[EXTRACTED RECORDS Boundary: Start]
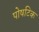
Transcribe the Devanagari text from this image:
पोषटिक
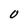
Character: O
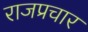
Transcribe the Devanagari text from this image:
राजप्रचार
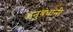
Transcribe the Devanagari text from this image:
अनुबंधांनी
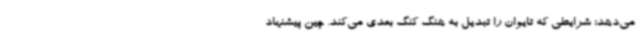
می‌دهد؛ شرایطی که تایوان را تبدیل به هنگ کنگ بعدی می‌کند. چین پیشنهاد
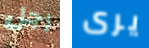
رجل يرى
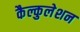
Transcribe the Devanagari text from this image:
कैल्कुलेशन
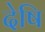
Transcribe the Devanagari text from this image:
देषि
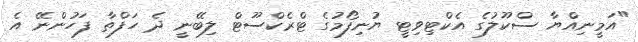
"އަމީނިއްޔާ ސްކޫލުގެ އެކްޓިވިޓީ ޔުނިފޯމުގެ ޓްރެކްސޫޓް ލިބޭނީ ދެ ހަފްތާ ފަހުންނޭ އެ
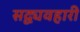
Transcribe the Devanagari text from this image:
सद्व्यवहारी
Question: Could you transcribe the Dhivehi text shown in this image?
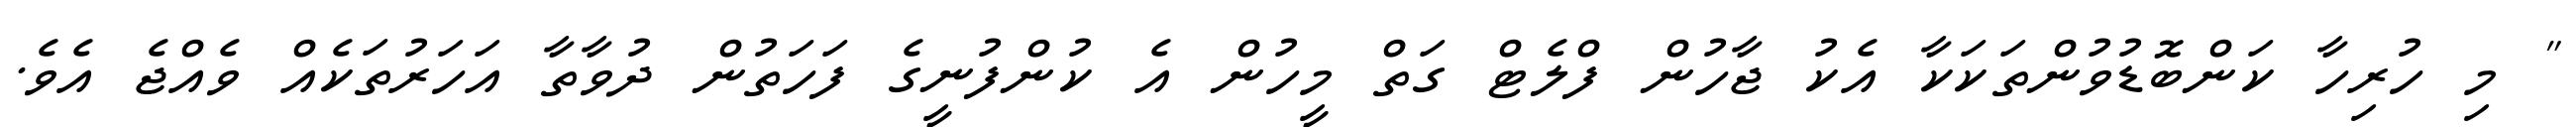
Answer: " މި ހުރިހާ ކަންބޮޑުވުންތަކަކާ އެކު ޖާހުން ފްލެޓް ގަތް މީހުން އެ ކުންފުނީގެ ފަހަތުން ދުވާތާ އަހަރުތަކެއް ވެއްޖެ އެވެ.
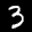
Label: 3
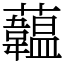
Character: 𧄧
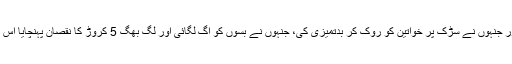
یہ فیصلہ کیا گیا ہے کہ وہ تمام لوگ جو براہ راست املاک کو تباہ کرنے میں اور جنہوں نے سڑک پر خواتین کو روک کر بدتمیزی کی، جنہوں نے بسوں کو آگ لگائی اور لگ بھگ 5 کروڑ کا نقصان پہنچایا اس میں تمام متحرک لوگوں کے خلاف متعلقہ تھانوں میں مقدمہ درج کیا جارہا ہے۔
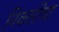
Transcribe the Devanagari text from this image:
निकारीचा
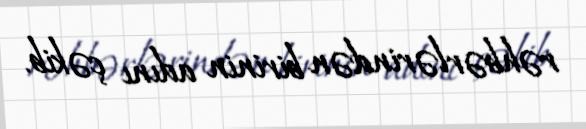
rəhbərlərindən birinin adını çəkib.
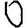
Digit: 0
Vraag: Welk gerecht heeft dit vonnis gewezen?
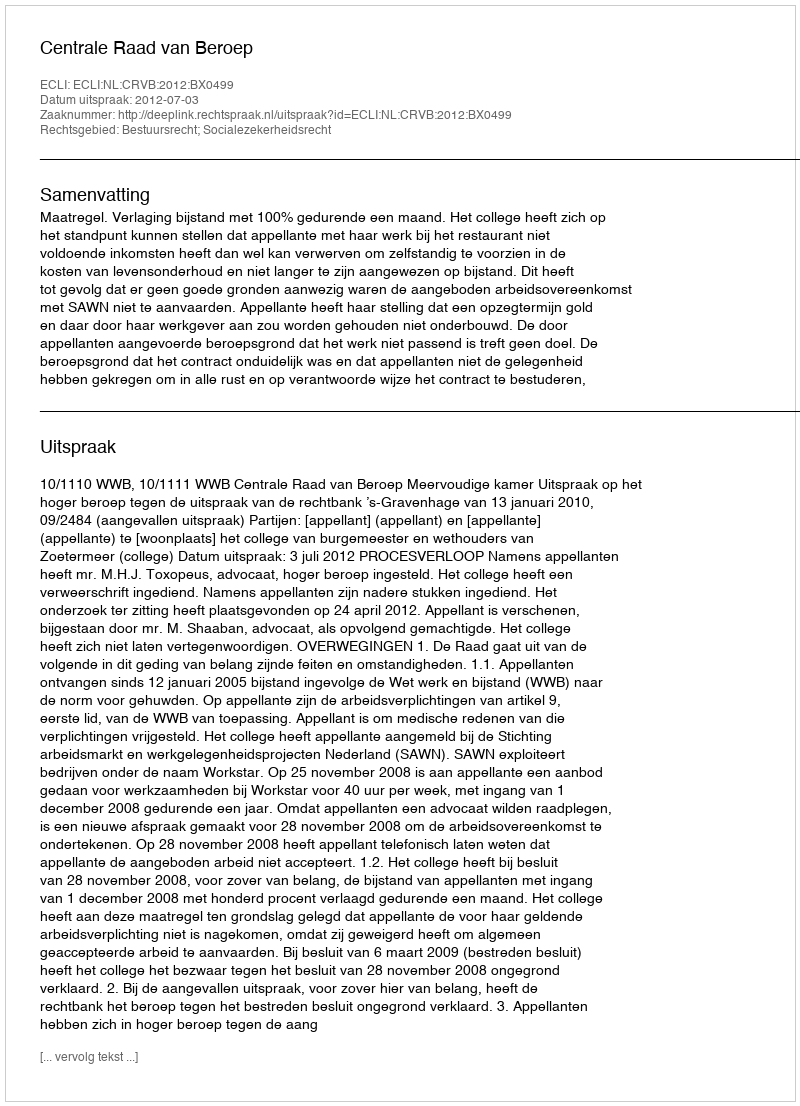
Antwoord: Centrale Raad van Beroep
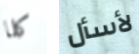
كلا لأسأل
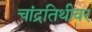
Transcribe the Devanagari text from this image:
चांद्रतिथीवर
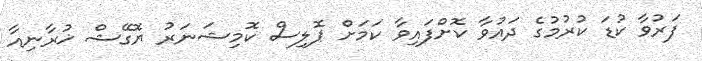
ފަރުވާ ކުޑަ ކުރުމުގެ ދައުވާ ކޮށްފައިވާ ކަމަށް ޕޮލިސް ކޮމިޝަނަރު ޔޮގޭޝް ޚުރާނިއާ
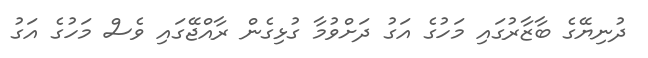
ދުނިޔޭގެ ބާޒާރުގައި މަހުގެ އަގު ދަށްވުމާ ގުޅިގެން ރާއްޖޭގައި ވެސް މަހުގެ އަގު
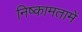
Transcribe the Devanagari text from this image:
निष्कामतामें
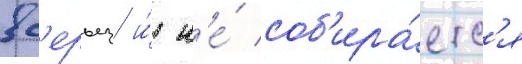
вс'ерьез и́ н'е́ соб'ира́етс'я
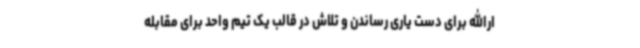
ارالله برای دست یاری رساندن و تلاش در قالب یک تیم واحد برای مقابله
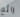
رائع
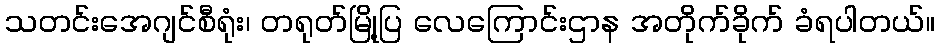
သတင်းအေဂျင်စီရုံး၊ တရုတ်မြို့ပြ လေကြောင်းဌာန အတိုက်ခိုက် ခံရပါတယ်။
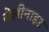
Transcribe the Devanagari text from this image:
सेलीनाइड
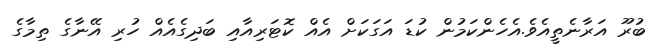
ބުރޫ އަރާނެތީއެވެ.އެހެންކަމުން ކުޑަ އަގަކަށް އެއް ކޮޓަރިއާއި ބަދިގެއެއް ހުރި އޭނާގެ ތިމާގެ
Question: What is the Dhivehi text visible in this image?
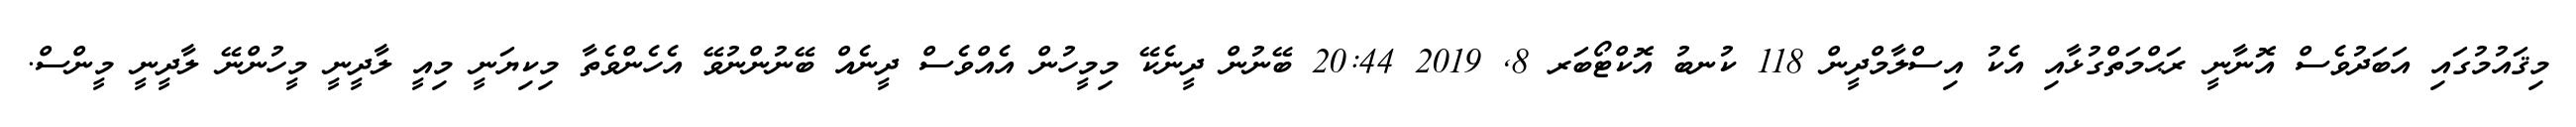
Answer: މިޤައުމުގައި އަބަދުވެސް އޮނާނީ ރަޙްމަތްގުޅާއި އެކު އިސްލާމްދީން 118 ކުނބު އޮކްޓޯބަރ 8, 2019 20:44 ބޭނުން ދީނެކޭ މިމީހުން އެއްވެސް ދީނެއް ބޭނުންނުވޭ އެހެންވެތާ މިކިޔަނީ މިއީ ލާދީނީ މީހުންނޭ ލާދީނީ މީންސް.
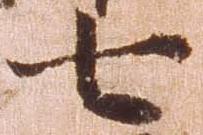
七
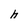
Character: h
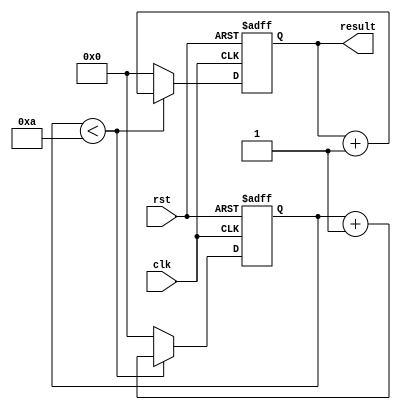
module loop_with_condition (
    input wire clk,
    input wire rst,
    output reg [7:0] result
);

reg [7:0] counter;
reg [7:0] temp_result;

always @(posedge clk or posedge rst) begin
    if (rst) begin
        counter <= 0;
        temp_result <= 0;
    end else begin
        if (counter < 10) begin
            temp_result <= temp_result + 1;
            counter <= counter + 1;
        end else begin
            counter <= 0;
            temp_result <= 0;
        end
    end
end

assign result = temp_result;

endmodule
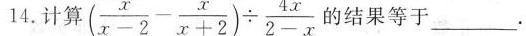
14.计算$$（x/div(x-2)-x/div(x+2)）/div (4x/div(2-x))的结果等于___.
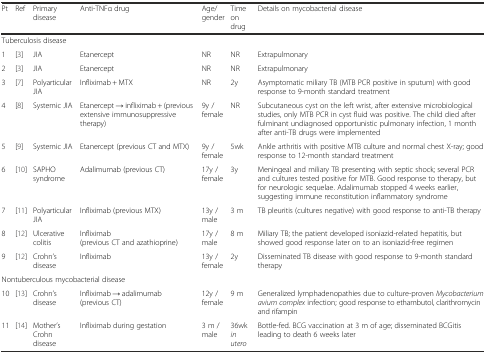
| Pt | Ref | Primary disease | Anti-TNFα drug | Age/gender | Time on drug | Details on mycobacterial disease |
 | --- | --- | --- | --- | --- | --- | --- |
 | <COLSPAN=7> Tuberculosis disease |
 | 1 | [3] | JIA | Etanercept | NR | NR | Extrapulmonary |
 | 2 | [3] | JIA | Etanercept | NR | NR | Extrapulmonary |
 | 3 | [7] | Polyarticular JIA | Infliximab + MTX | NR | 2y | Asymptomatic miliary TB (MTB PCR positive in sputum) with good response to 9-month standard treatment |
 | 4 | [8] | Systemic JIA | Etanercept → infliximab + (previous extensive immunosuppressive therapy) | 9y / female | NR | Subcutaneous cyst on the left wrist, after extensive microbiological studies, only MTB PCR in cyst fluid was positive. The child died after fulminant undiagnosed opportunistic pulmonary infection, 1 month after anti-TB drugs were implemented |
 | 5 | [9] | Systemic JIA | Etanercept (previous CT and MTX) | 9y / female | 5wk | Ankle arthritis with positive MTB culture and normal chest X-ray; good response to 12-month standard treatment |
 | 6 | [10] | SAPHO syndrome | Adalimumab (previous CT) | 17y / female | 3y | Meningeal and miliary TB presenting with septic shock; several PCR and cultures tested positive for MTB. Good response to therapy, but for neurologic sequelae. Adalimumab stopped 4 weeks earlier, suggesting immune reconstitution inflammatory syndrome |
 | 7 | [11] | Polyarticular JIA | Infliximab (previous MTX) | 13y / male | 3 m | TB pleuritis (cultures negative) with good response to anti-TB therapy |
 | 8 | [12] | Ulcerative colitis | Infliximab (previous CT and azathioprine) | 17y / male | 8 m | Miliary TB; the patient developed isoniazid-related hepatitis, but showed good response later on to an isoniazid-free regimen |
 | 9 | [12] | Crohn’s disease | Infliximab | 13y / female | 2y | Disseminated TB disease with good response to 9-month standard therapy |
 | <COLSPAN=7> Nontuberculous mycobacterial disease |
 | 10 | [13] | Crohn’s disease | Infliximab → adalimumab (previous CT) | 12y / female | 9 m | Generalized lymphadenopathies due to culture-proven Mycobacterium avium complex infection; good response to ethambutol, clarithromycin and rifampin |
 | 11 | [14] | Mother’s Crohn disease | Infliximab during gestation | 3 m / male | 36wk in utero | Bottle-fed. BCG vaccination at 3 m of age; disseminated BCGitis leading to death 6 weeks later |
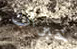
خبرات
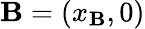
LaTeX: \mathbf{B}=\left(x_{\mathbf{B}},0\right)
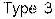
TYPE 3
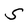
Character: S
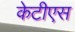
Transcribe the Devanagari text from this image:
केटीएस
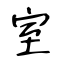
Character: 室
[EXTRACTED RECORDS Boundary: End]
REQUIREMENT >>
For each line of the material that contains the word "Dhivehi", make a copy.

EXERCISE ANSWER >>
Question: Could you transcribe the Dhivehi text shown in this image?
Question: What is the Dhivehi text visible in this image?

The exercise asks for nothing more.